Thrombocytopenia is second only to anemia as a common hematological abnormality occurring during pregnancy, and is observed in approximately 8-10% of pregnancies.¹ It may result from a number of causes ranging from benign disorders like gestational thrombocytopenia to life threatening illnesses, e.g., HELLP syndrome, that are associated with variable degree of maternal and fetal morbidity and mortality. During pregnancy, there is usually a decrease in platelet count, especially towards the end of pregnancy. This is mainly due to dilutional effect by increased plasma volume and accelerated platelet destruction across the placenta.^2,3 Majority of females have platelet counts within normal range; however, if platelet count was towards the lower limit of normal range in the initial part of pregnancy, there may be a steeper decline and thus thrombocytopenia may set in towards the later part of pregnancy. It is advisable that before labeling the patient as thrombocytopenic, factitious thrombocytopenia should be ruled out first by reviewing peripheral blood film.

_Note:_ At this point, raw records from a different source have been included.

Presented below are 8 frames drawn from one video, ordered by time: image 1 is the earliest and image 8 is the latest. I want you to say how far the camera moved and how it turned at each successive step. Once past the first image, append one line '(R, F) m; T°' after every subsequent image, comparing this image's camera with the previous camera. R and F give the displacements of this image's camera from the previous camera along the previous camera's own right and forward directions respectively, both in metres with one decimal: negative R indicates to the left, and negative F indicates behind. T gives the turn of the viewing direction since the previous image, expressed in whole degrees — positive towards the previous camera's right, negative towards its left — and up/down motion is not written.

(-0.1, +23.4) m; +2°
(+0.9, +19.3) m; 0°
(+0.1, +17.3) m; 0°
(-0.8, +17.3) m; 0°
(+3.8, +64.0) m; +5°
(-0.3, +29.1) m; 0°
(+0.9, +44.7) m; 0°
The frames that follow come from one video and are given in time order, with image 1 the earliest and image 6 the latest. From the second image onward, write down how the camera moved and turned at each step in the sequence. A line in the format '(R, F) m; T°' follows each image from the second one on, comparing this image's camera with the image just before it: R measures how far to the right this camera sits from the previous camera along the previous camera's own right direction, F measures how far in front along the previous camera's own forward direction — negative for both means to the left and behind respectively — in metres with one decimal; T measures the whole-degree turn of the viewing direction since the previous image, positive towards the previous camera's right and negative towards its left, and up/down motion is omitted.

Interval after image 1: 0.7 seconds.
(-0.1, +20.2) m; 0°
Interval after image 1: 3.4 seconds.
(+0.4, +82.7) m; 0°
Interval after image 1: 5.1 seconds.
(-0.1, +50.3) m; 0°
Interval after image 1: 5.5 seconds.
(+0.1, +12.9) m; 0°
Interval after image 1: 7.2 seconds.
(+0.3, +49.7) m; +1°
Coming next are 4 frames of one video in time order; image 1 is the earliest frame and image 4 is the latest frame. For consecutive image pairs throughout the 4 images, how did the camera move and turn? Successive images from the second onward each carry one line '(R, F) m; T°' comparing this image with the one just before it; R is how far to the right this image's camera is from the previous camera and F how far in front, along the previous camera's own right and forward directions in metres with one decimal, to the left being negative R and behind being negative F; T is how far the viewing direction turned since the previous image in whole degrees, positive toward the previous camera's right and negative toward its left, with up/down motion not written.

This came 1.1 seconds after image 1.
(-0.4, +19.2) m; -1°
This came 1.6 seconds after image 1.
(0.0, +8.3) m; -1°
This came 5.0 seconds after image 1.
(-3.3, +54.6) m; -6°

About 75% of cases of thrombocytopenia during pregnancy are due to benign process of gestational thrombocytopenia; rests are due immune mechanism, hypertensive disorders, infections or drugs etc. Some of these processes are pregnancy specific, while others are not specific to pregnancy and also occur in non-pregnant settings.⁴ In this review we will briefly discuss various pathophysiological mechanisms leading to thrombocytopenia during pregnancy and precise review of their diagnosis and management.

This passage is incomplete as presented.